Creating Reusable Analysis Skills

One of the most underrated features in agentic workflows is reusable skills.

During exploratory analysis, you often discover a useful workflow through conversation:

Investigating churn spikes
Analyzing conversion funnels
Segmenting high-value customers
Debugging revenue anomalies

The problem is that conversational insights are ephemeral. Once the chat is over, reproducing the exact reasoning path can be difficult.

Skills solve this by converting successful workflows into reusable procedures.

Example skill:

name: analyze_conversion_drop

description: |
  Investigate funnel conversion declines by segment,
  traffic source, device type, and release window.

steps:
  - compare weekly conversion trends
  - identify statistically significant drops
  - segment by acquisition channel
  - correlate with deployment events
  - generate summary findings

Instead of rediscovering the workflow manually, the agent can replay the same analytical methodology consistently.

Turning Conversations into Repeatable Analysis

This is where AI analyst agents become genuinely powerful.

Most analytics today are trapped inside Slack threads, notebooks, or one-off conversations. Valuable investigative logic disappears after the meeting ends.

A mature analytics agent should:

Capture useful workflows discovered during conversation
Convert them into reusable skills
Parameterize the inputs
Replay analyses on future datasets
Maintain methodological consistency

For example, imagine discovering an effective fraud detection workflow while chatting with the agent. Instead of losing that reasoning process, the agent can save it as:

skill: detect_payment_fraud
inputs:
  - start_date
  - end_date
  - region

workflow:
  - identify anomalous transaction velocity
  - compare against historical baselines
  - cluster suspicious accounts
  - score fraud likelihood

Over time, your analytics organization accumulates a library of reusable analytical intelligence instead of isolated dashboard queries.

Best Practices for Reliable AI Analytics

Building a useful analytics agent is less about model intelligence and more about operational discipline.
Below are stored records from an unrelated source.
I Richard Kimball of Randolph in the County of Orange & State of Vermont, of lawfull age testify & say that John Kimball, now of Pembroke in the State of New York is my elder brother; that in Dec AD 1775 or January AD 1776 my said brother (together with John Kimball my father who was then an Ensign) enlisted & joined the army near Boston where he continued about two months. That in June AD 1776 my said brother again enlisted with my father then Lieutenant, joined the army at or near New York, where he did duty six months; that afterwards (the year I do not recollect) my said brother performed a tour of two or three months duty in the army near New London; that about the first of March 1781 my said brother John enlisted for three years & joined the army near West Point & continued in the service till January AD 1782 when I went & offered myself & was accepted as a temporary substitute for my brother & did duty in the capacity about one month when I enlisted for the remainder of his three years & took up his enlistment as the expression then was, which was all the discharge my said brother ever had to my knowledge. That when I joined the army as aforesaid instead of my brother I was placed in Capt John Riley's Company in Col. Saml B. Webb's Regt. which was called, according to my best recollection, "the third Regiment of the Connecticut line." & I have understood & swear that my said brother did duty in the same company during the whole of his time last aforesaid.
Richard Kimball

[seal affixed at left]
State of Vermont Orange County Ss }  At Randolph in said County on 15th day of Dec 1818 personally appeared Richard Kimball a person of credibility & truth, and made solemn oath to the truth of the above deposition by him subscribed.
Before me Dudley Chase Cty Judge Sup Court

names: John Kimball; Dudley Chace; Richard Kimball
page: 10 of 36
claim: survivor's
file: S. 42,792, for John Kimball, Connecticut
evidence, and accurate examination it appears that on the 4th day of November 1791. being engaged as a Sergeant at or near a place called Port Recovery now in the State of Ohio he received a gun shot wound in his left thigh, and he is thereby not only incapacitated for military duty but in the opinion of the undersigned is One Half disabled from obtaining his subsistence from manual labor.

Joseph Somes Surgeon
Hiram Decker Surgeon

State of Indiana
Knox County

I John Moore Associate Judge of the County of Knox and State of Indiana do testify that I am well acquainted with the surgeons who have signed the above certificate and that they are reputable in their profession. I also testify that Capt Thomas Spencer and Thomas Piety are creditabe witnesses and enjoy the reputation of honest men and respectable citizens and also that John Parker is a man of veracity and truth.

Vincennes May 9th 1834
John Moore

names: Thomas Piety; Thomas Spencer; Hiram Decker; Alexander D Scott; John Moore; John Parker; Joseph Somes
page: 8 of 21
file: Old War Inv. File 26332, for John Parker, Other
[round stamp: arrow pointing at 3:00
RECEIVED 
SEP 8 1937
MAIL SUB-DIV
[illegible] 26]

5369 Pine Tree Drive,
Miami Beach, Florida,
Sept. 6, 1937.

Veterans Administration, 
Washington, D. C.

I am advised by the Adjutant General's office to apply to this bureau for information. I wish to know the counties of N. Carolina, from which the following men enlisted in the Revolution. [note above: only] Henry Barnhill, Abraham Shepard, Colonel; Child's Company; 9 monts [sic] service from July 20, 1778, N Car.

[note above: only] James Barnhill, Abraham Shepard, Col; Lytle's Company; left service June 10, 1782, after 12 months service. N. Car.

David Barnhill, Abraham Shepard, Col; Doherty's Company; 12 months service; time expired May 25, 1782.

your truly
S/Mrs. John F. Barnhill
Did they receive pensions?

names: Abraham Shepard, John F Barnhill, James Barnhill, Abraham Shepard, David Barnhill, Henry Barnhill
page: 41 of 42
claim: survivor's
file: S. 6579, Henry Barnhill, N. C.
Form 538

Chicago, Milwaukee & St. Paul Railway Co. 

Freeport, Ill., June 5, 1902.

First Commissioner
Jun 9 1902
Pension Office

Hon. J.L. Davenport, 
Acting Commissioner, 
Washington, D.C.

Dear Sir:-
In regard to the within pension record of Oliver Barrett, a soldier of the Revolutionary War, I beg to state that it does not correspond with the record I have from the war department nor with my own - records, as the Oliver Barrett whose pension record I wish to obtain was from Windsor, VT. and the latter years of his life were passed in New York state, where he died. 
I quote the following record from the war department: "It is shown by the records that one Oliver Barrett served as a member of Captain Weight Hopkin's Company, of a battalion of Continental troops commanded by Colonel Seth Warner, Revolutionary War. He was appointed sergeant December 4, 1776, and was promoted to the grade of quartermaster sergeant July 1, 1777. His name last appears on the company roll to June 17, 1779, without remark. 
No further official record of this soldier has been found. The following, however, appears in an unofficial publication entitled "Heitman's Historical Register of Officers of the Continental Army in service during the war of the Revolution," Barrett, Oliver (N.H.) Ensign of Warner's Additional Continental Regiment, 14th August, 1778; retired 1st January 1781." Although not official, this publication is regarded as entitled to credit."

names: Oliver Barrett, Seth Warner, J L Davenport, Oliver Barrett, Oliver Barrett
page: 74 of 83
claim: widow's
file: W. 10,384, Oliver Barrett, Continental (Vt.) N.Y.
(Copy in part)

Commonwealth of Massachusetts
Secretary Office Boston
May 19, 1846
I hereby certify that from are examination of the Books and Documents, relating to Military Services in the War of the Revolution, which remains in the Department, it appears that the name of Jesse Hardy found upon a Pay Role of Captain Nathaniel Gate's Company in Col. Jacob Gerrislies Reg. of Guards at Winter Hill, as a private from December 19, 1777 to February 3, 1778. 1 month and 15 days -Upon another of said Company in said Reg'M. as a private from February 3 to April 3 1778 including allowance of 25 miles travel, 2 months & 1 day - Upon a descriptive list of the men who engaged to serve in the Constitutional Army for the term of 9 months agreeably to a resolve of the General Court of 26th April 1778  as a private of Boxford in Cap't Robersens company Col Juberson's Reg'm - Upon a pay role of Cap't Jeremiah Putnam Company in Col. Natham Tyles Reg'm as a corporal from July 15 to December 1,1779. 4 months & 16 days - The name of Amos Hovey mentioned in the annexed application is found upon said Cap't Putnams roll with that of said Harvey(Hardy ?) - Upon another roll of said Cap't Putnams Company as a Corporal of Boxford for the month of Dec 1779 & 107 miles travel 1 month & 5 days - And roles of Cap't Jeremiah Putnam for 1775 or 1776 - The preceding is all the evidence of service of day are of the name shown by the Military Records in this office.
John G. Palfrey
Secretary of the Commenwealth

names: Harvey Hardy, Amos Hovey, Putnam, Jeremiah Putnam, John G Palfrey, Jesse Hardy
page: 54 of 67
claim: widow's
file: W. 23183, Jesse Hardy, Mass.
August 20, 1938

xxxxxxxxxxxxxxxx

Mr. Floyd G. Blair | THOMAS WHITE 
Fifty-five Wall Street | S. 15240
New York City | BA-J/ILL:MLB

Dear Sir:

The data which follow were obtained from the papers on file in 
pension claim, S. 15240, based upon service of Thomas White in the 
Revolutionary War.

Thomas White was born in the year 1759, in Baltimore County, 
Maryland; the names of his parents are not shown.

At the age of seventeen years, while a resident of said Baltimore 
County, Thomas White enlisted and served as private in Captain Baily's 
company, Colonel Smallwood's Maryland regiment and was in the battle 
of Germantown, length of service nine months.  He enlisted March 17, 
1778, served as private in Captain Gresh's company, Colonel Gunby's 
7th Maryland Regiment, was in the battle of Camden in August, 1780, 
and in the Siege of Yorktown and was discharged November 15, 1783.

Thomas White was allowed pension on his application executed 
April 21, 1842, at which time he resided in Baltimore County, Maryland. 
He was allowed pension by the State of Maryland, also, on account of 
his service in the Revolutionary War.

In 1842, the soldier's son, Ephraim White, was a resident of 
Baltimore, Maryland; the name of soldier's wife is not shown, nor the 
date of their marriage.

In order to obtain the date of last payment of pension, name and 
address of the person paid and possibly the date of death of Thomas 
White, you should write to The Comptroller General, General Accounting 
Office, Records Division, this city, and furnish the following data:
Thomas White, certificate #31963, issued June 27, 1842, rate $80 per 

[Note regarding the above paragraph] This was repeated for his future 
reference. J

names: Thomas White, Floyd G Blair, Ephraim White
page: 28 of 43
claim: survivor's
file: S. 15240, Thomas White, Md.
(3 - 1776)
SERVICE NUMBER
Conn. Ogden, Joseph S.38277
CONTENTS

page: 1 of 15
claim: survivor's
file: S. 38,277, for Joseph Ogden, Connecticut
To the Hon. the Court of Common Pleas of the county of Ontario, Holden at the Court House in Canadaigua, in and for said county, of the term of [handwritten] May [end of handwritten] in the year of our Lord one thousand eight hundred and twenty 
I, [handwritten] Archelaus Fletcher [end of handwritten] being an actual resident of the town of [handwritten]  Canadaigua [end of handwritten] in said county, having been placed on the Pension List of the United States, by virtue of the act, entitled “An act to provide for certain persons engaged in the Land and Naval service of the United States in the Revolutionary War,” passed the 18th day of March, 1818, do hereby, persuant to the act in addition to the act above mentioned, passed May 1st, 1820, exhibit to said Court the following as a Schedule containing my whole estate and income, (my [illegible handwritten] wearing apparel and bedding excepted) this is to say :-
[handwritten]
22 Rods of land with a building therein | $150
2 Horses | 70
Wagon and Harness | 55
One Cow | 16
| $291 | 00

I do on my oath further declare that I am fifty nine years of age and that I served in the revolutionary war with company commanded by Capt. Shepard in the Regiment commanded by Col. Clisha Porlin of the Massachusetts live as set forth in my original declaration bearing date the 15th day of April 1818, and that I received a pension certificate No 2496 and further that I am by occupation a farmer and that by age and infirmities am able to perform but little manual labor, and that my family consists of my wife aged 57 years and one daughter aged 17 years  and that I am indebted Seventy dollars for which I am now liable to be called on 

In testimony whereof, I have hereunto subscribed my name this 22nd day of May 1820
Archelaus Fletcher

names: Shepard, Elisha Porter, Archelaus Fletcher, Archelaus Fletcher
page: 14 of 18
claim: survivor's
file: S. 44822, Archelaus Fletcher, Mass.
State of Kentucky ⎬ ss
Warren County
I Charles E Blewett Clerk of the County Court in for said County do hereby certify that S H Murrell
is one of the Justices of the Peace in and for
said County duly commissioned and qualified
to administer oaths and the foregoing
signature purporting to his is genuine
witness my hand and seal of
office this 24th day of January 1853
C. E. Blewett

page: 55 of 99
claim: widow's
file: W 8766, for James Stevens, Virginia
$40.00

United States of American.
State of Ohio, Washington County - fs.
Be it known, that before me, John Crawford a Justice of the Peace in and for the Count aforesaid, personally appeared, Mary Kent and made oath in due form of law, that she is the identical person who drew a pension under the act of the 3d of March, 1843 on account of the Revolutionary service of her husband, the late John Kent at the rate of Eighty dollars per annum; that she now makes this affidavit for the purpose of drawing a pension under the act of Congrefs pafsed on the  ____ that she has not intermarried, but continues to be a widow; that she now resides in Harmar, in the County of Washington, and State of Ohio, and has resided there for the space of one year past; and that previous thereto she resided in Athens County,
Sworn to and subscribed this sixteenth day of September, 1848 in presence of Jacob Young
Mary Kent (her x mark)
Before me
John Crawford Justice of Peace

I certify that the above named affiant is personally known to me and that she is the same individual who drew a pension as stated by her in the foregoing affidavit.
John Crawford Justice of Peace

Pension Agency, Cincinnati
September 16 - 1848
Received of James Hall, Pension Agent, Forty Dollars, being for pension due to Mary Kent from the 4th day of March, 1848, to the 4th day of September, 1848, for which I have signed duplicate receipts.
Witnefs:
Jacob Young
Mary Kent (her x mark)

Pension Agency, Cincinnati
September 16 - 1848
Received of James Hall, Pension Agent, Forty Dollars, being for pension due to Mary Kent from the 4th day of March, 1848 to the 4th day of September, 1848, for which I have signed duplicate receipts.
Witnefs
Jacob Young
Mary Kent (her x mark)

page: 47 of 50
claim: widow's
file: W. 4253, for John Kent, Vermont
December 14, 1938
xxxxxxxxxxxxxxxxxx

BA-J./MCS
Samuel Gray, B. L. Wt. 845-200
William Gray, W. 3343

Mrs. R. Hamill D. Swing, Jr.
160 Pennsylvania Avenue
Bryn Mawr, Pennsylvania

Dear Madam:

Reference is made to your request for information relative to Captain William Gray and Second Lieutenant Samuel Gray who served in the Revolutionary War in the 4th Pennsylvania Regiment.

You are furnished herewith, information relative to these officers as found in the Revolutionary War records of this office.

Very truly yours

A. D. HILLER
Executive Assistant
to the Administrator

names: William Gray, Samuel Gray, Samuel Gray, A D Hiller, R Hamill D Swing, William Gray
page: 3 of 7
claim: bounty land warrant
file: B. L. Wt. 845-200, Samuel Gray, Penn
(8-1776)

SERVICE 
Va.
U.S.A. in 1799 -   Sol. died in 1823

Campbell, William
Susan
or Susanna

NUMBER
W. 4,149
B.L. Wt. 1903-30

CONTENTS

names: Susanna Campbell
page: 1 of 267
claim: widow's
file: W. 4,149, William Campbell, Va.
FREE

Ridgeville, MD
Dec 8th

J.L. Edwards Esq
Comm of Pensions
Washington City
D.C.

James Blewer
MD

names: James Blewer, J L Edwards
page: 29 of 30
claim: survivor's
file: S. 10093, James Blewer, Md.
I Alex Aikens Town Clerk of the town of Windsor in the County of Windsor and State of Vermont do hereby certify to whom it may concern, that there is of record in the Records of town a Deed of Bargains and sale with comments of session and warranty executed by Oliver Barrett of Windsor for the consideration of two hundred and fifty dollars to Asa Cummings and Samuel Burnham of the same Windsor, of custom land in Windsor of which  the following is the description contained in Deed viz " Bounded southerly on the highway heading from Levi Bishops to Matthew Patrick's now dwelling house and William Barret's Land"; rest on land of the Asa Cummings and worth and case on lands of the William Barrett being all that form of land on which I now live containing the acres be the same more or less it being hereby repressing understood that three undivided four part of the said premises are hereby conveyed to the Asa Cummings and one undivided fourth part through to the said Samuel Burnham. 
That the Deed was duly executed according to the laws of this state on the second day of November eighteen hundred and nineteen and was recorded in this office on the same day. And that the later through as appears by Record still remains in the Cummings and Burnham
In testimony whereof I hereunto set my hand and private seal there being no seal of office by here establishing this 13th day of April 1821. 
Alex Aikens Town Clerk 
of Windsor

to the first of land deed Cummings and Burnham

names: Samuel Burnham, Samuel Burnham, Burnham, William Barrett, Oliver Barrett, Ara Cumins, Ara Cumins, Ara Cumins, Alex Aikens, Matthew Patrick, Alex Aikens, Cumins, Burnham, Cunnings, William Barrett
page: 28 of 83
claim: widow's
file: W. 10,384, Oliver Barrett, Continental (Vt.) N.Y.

Here are the practices that matter most:

Always use a semantic layer: Raw schemas are not enough for reliable business analytics.
Encode business definitions centrally: Never let metrics drift between prompts.
Treat successful analyses as assets: Save reusable workflows as skills.
Require explainability: The agent should explain assumptions before querying.
Constrain SQL generation: Safe defaults reduce hallucinations and expensive queries.
Start exploratory queries small: Limit rows before running warehouse-scale scans.
Separate reasoning from execution: Semantic planning should happen before query generation.

The future of analytics agents is not simply "natural language to SQL." The real opportunity is building systems that preserve institutional analytical reasoning and make it reusable.